===== Exercise data

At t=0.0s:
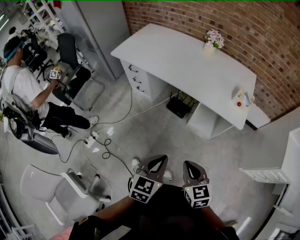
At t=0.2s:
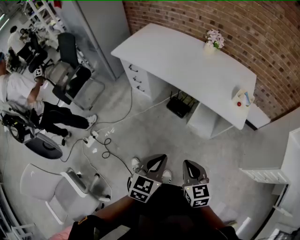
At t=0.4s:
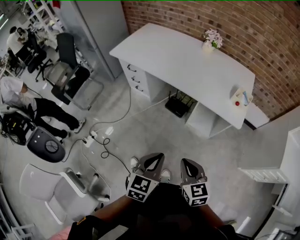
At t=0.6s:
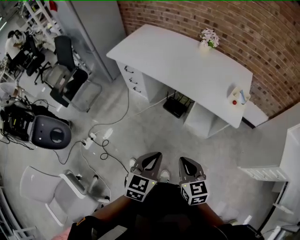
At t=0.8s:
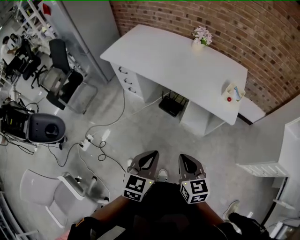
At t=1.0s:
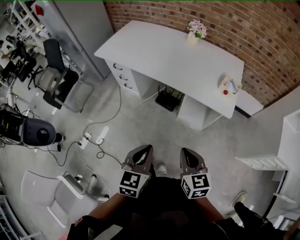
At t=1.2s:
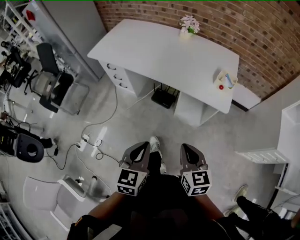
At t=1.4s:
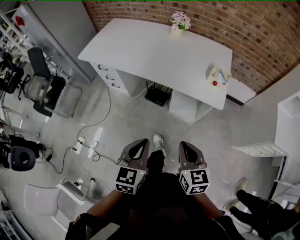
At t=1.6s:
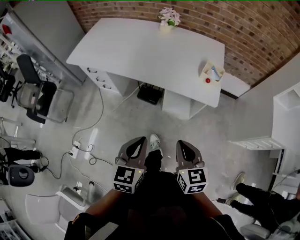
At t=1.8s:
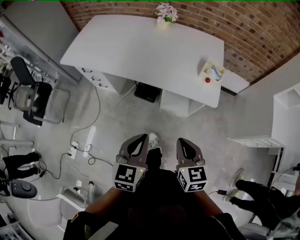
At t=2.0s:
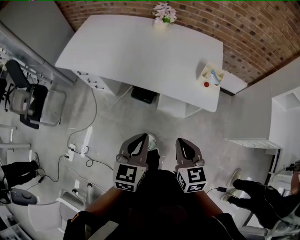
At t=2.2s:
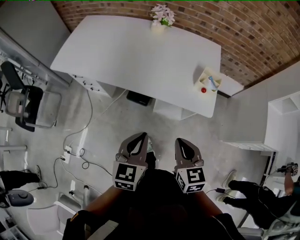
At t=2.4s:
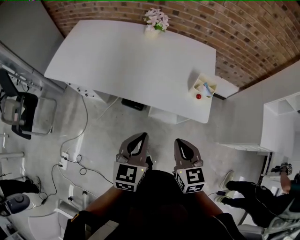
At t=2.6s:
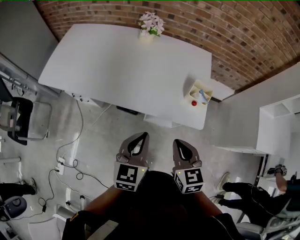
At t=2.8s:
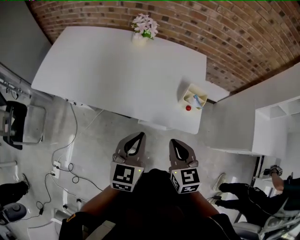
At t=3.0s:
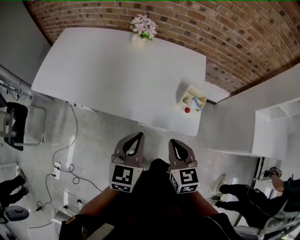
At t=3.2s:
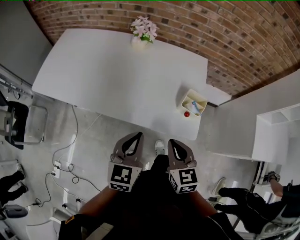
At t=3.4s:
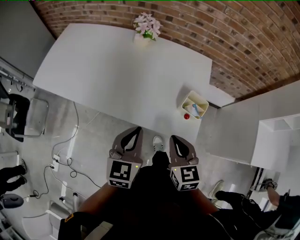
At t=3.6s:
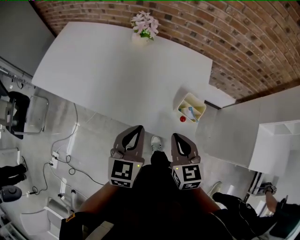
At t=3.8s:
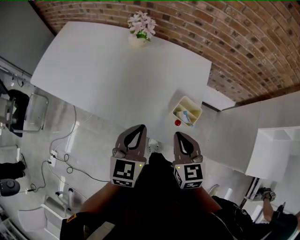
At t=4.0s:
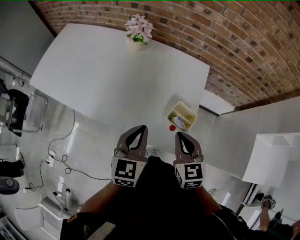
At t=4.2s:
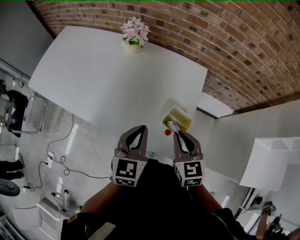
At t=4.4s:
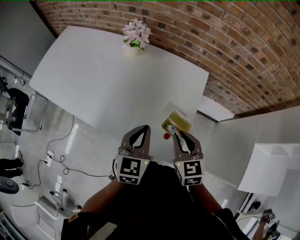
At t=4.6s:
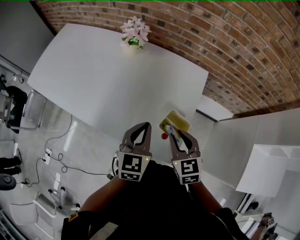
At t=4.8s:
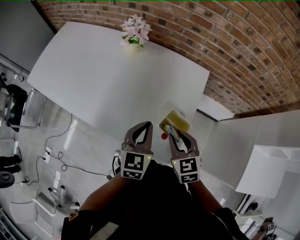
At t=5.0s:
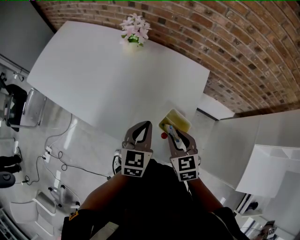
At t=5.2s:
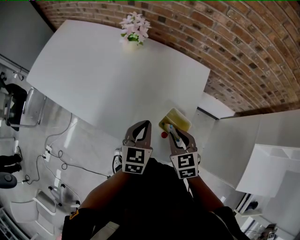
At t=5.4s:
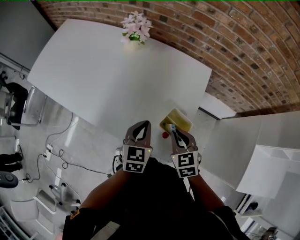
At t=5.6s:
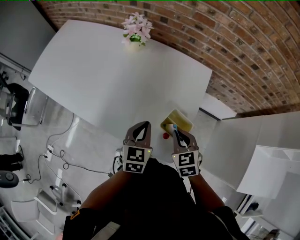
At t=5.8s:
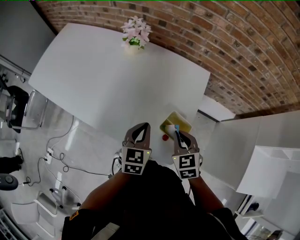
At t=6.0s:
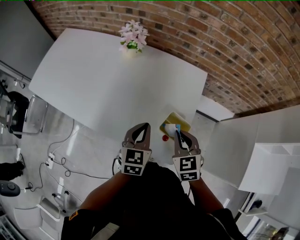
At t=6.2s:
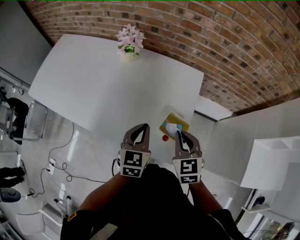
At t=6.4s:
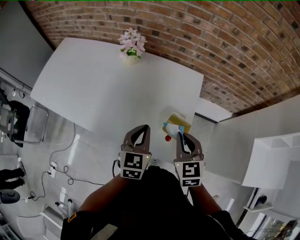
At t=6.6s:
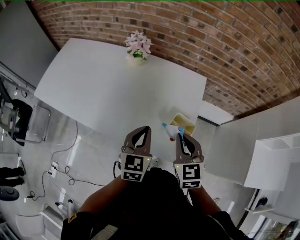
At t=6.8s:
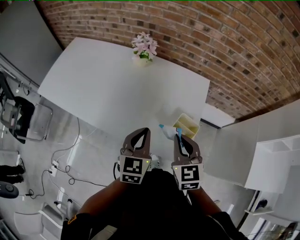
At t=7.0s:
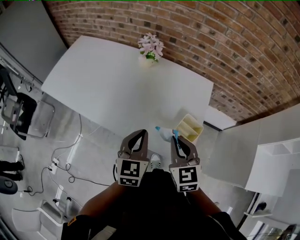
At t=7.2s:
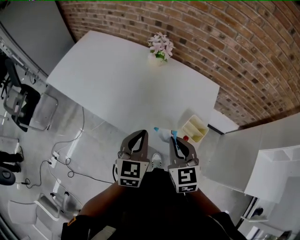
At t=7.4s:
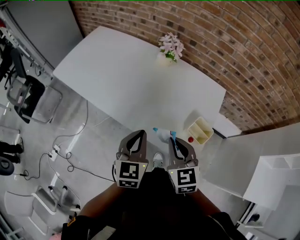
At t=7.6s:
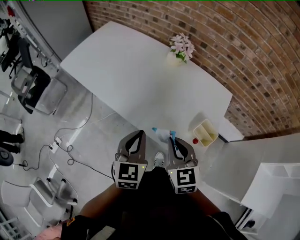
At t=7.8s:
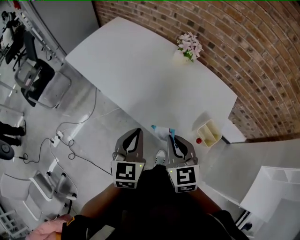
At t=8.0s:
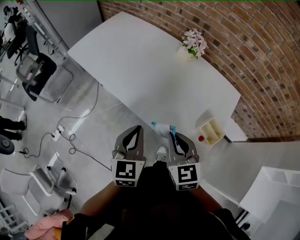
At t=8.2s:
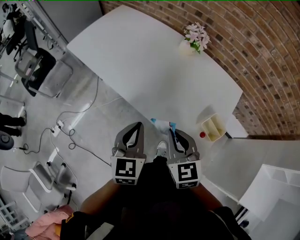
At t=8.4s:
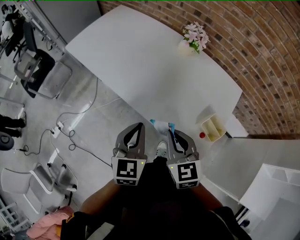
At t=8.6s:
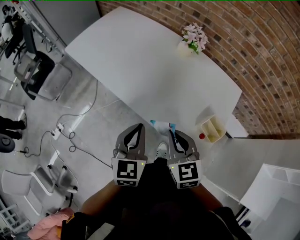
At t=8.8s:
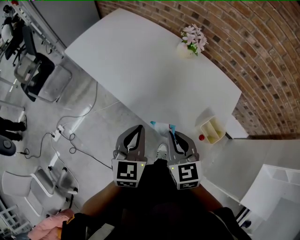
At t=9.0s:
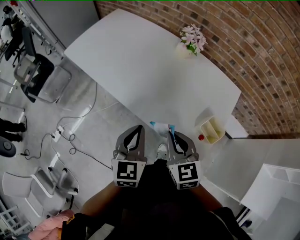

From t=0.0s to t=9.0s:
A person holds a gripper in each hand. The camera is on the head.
From t=0.0s to t=1.6s: The right gripper is displaced to the right and forward by roughly 10 cm. Meanwhile the left gripper heads forward, covering about 10 cm.
From t=1.6s to t=3.0s: The grippers both shift forward by roughly 25 cm.
From t=3.0s to t=4.4s: The left gripper shifts approximately 20 cm to the right and forward, while the right gripper goes roughly 25 cm forward and to the right.
From t=4.4s to t=6.0s: The left gripper heads downward, covering approximately 5 cm.
From t=6.0s to t=7.6s: The left gripper is displaced to the left, backward and upward by approximately 25 cm. The right gripper shifts roughly 20 cm to the left.
From t=7.6s to t=9.0s: There are only small adjustments of the grippers.

==========

Task directions:
All of the records should be set down exactly, minus the pictures they hold.

Task solution:
At t=0.0s:
At t=0.2s:
At t=0.4s:
At t=0.6s:
At t=0.8s:
At t=1.0s:
At t=1.2s:
At t=1.4s:
At t=1.6s:
At t=1.8s:
At t=2.0s:
At t=2.2s:
At t=2.4s:
At t=2.6s:
At t=2.8s:
At t=3.0s:
At t=3.2s:
At t=3.4s:
At t=3.6s:
At t=3.8s:
At t=4.0s:
At t=4.2s:
At t=4.4s:
At t=4.6s:
At t=4.8s:
At t=5.0s:
At t=5.2s:
At t=5.4s:
At t=5.6s:
At t=5.8s:
At t=6.0s:
At t=6.2s:
At t=6.4s:
At t=6.6s:
At t=6.8s:
At t=7.0s:
At t=7.2s:
At t=7.4s:
At t=7.6s:
At t=7.8s:
At t=8.0s:
At t=8.2s:
At t=8.4s:
At t=8.6s:
At t=8.8s:
At t=9.0s:

From t=0.0s to t=9.0s:
A person holds a gripper in each hand. The camera is on the head.
From t=0.0s to t=1.6s: The right gripper is displaced to the right and forward by roughly 10 cm. Meanwhile the left gripper heads forward, covering about 10 cm.
From t=1.6s to t=3.0s: The grippers both shift forward by roughly 25 cm.
From t=3.0s to t=4.4s: The left gripper shifts approximately 20 cm to the right and forward, while the right gripper goes roughly 25 cm forward and to the right.
From t=4.4s to t=6.0s: The left gripper heads downward, covering approximately 5 cm.
From t=6.0s to t=7.6s: The left gripper is displaced to the left, backward and upward by approximately 25 cm. The right gripper shifts roughly 20 cm to the left.
From t=7.6s to t=9.0s: There are only small adjustments of the grippers.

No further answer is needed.